## TASK TO COMPLETE
When a line of the listing below has the string "detected" in it, copy that line.

## RECORDS TO USE
▬▬▬▬▬▬

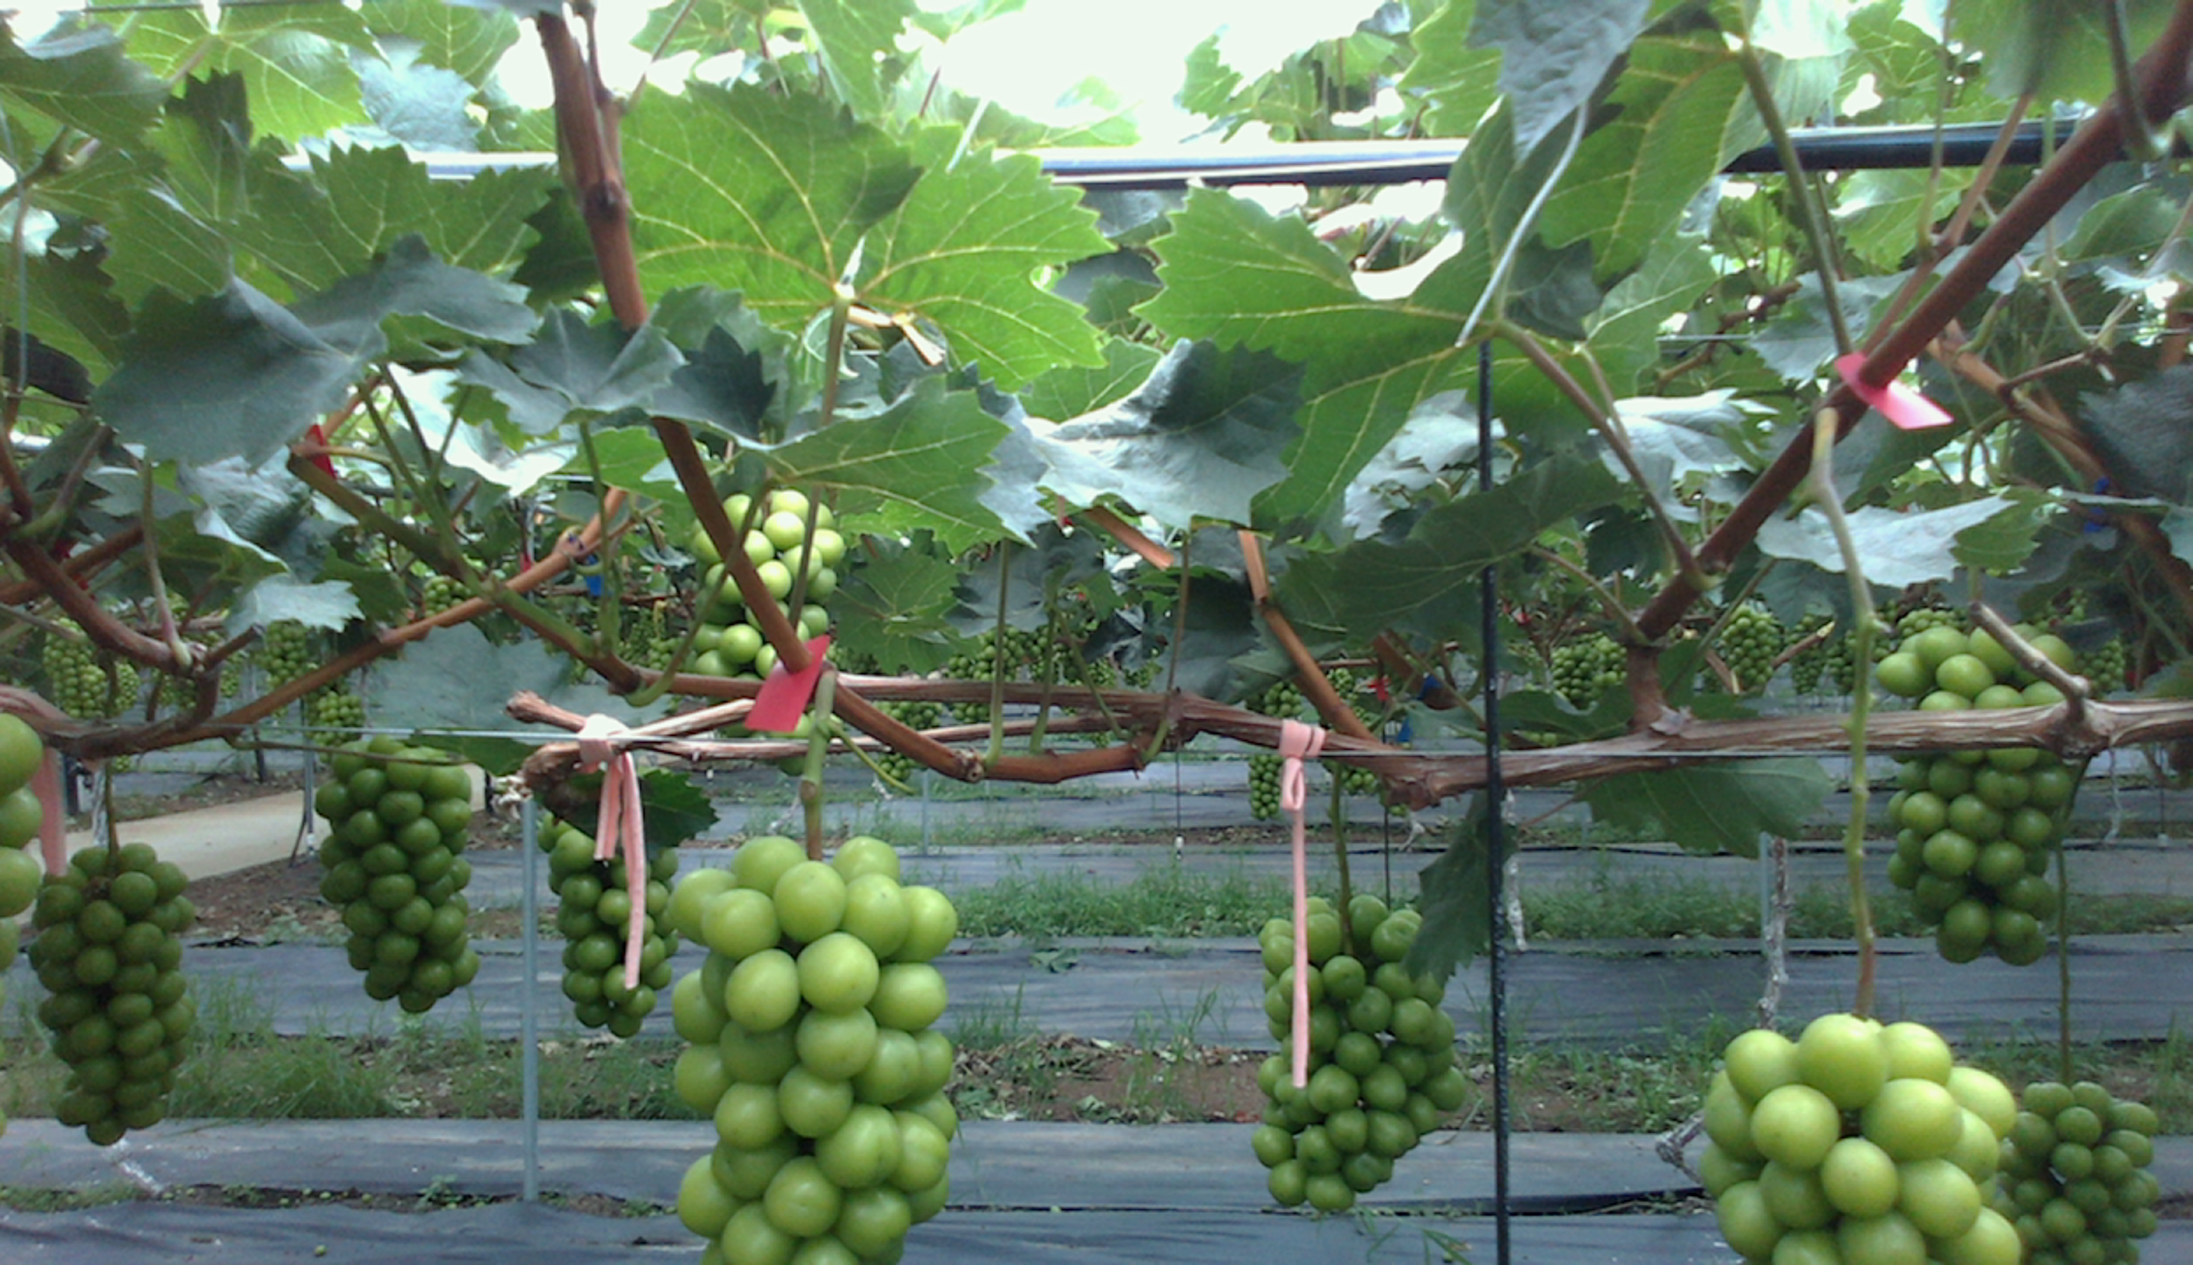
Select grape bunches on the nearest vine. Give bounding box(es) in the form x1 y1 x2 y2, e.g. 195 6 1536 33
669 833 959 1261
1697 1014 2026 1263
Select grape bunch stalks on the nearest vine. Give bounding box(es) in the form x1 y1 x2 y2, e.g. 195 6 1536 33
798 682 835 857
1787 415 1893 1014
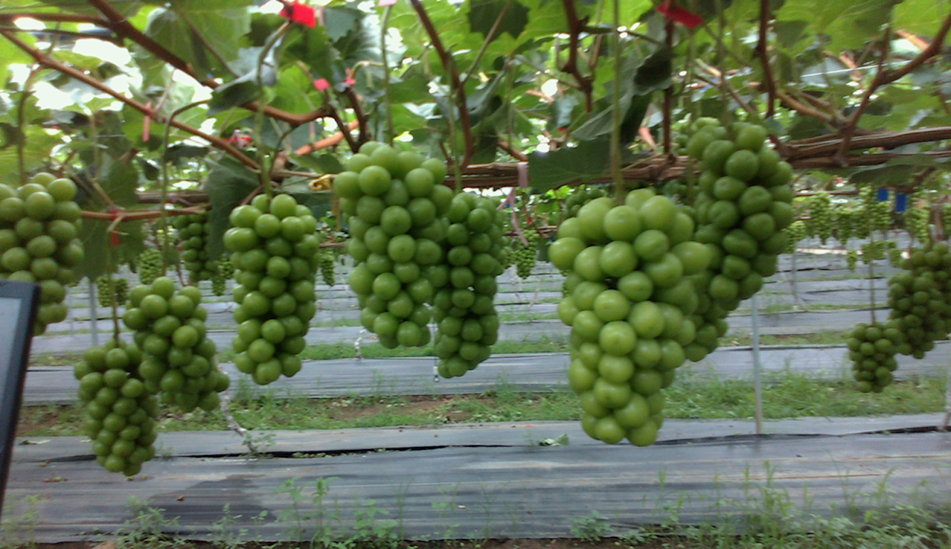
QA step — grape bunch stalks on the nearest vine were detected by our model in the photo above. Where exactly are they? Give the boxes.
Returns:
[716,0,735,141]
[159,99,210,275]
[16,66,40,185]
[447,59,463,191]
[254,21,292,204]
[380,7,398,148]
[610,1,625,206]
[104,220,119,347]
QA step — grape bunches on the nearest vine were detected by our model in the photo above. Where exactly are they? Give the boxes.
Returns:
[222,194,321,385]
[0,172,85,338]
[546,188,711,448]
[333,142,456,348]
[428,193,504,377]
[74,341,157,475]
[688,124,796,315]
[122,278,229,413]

▬▬▬▬▬▬

## SOLUTION TO THIS EXERCISE
QA step — grape bunch stalks on the nearest vine were detected by our model in the photo above. Where exactly are they? Give the boxes.
QA step — grape bunches on the nearest vine were detected by our model in the photo above. Where exactly are they? Give the boxes.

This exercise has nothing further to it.